During a British Academy lecture in 2011, David Crystal mentioned that language was rarely the object of a work of art. Well, here is a work of art created by Donna Piët for an exhibition called “Een Poging tot Nieuwe Vriendelijkheid” (“An attempt at new kindness”), which was held in the art gallery of the Free Academy, Gemak, in The Hague in The Netherlands earlier in December. And it is about language. What is more, it deals with what we consider to be a usage problem in the Bridging the Unbridgeable project.
The painting (apologies for the quality: I had to rely on my mobile phone to take a picture of it) illustrates Donna’s fascination with the Oxford Comma: “Give me Oxford any time”, it reads.

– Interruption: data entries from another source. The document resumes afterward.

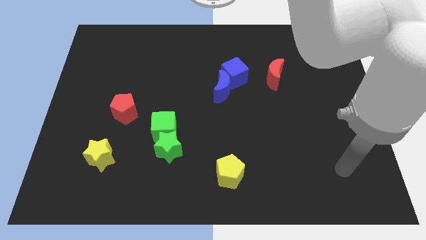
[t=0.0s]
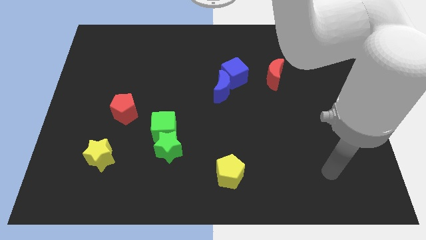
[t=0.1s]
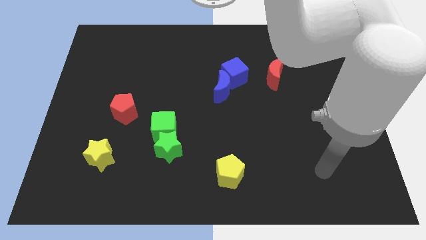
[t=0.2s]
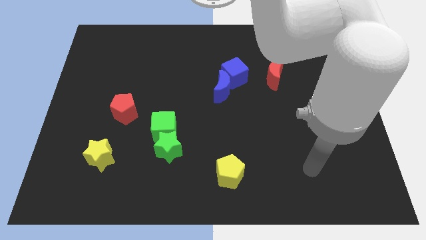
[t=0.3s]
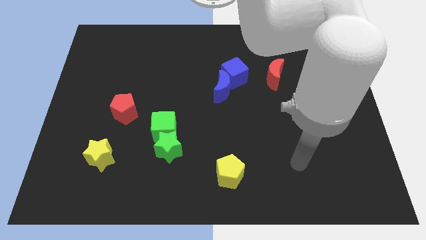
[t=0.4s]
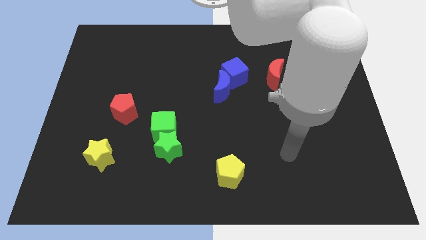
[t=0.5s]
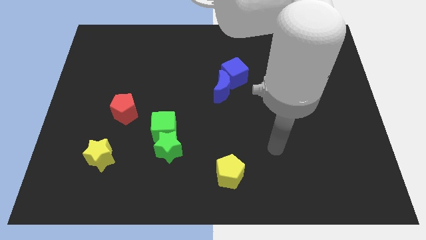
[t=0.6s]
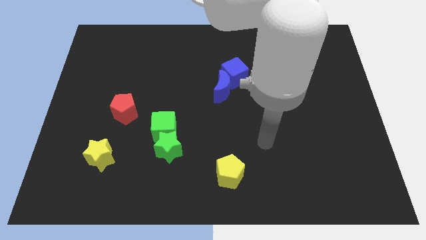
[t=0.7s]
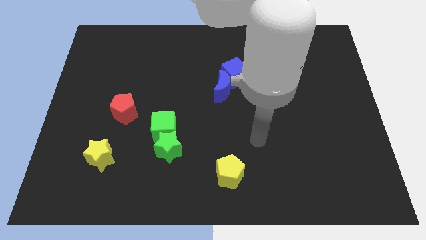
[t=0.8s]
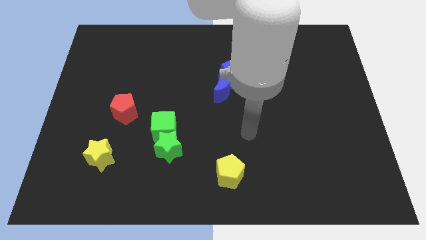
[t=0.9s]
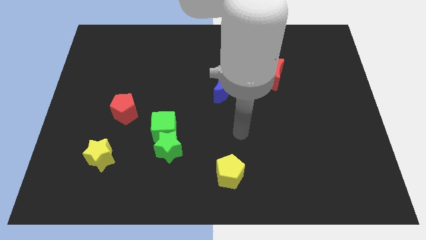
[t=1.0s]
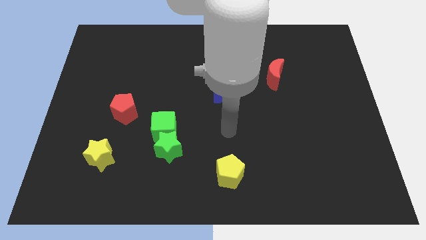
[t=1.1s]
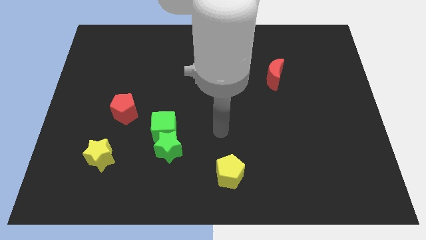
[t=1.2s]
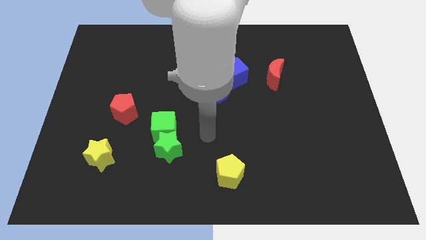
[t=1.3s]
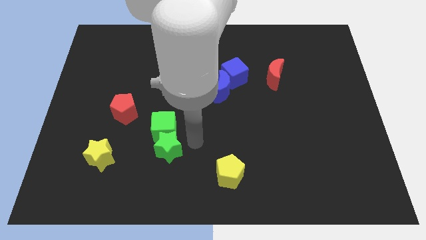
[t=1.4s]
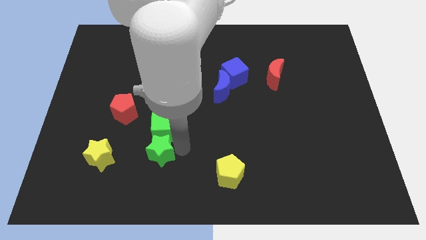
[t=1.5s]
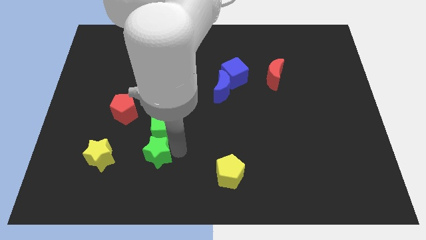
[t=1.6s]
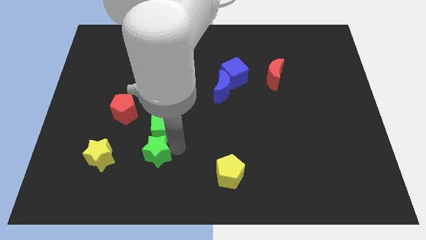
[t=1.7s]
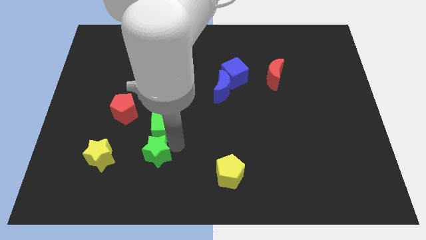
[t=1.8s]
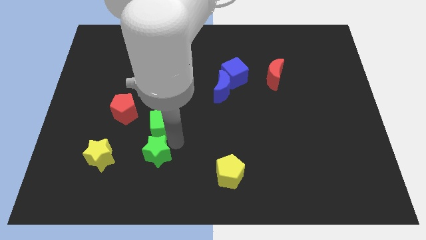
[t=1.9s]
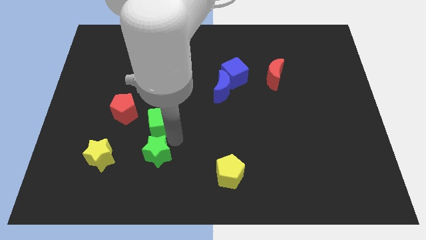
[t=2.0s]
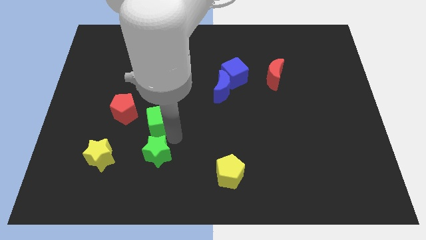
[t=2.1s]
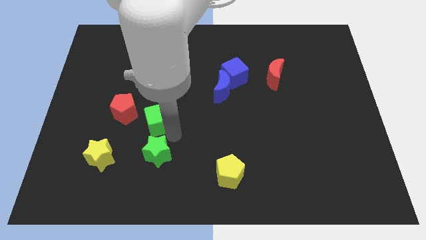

Personally, I don’t like the Oxford Comma (sorry, Donna!), but because Oxford University Press insists on it, my book The Bishop’s Grammar is filled with them. They are not mine! The reason I don’t like the Oxford Comma is that as a student, I was taught that in a coordination like “A and B and C”, the first and can be substituted by a comma: “A, B and C”. So if a comma is insisted upon before and, as the OUP style sheet does, the sentence would read: “A and B and and C”, which doesn’t make sense to me. But Donna, tell us, why do you like the Oxford Comma so much that you used it for a work of art?
Eighteen months ago, there was a brief twitterstorm, created by the rumour that the Oxford Comma would be abolished. Nothing could be further from the truth it turns out. Yahoo News reports about it, and cites Lynne Truss, author of Eats, Shoots & Leaves (2003) (no Oxford Comma there!), saying “that there are strong opinions on both sides”, and advising: “I’ll just say this: never get between these people when drink has been taken”!
(Donna Piët studies Autonomous Art at the Royal Academy of Arts in The Hague. And here is another example of her work for the exhibition, called “Insidious Restlessness”.)
(And thanks to Colin Jones, former visiting fellow at Clare Hall, Cambridge, for telling me about the twitterstorm.)